On the plus side the areas that turned out good showed promise. Even sheen and nice leveling. I added 8oz of the Ben Moore slicker to the can in hopes that it would help me get a bit of time to work. The paint sands vey close to oil, much better than any WB enamel I have used. Powders up nicely and you are actually able to remove material and smooth out the surface. This is even after one hour dry time; no balling up or gumming up the sponge.

Next attempt. Smooth door, tacked and wiped. The addition of the retardant gave me about double the working time as before but still faster than straight BM Sat Imp latex.

Next attempt. Same door prep.
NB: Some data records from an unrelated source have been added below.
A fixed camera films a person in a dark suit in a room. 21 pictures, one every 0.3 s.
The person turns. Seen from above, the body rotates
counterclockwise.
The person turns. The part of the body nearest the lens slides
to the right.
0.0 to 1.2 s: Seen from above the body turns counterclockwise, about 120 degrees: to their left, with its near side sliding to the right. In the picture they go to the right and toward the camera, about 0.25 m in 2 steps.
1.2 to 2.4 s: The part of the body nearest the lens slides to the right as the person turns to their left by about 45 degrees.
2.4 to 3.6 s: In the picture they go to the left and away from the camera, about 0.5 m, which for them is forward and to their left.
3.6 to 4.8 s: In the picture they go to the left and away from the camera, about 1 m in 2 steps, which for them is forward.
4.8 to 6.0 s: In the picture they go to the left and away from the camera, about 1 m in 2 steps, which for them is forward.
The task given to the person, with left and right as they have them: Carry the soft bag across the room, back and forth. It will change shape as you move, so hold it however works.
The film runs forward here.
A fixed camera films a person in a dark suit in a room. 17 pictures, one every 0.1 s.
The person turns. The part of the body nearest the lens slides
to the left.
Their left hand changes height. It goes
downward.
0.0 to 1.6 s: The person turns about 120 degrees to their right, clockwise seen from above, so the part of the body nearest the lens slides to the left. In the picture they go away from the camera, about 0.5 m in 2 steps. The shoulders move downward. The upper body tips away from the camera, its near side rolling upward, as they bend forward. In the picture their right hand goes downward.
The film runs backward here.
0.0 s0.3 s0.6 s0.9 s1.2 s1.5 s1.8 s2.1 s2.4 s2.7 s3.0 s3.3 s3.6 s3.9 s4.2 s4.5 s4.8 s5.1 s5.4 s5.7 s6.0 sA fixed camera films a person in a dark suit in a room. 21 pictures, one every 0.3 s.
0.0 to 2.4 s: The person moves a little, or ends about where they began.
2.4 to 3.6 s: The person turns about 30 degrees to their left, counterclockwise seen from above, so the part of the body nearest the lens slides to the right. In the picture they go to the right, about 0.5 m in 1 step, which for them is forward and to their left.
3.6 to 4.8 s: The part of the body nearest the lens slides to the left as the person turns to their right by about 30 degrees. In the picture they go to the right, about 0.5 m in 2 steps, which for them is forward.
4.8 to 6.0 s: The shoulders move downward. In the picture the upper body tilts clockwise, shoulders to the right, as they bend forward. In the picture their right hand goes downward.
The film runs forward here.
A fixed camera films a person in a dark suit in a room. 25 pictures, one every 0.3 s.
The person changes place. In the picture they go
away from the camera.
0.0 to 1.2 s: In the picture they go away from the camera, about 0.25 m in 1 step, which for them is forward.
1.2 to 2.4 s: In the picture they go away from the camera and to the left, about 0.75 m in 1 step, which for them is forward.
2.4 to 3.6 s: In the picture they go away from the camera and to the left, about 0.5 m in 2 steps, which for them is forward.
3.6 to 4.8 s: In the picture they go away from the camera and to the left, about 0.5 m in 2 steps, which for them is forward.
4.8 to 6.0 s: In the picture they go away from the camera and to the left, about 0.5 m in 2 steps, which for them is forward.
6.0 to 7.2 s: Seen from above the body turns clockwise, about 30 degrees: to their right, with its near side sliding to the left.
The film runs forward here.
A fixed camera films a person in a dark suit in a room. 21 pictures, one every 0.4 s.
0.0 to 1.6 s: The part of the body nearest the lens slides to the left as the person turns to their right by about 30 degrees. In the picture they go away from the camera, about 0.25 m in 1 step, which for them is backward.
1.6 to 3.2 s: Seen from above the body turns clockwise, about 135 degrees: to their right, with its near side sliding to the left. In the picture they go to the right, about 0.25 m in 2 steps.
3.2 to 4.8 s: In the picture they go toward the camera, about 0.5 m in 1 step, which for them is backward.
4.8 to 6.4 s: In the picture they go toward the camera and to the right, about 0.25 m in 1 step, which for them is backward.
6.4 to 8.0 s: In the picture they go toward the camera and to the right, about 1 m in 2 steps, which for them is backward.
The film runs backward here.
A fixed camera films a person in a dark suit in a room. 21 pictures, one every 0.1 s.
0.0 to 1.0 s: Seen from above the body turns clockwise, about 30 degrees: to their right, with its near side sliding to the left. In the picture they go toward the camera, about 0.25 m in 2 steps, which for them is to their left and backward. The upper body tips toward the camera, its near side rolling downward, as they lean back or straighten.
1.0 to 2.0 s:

Added 2 ounces of XIM latex additive to the gallon. So we have 10 ounces of additional liquids in the can. This gave me plenty of time to get the job done to my satisfaction. This was similar to BM sat Imp with Floetrol added. I was able to brush out a nice even coat and lay off without fear of dragging or roping.

It was actually pretty quick to do this because the paint flashes off so quick you are sanding after only one hour.

The Verdict----I like it better than KMM and Ben Moore WB latex enamels. The sheen compared to Impervo is worlds better. The Aura is a dead ringer for the oil based Impervo. WB Impervo looks to me like it can't make up its mind; kind of shiny but kinda flat. Not very even or visually appealing to me. The Aura levels much better and has a bit of drag on the brush instead of the super slippery feelof most waterbornes. Would I use this over other latex enamels? Yes, I think it is a superior product. Plus you need only wait an hour to unscrew what you screwed up.

I will be trying another gallon with Floetrol to see how it works. Stay tuned.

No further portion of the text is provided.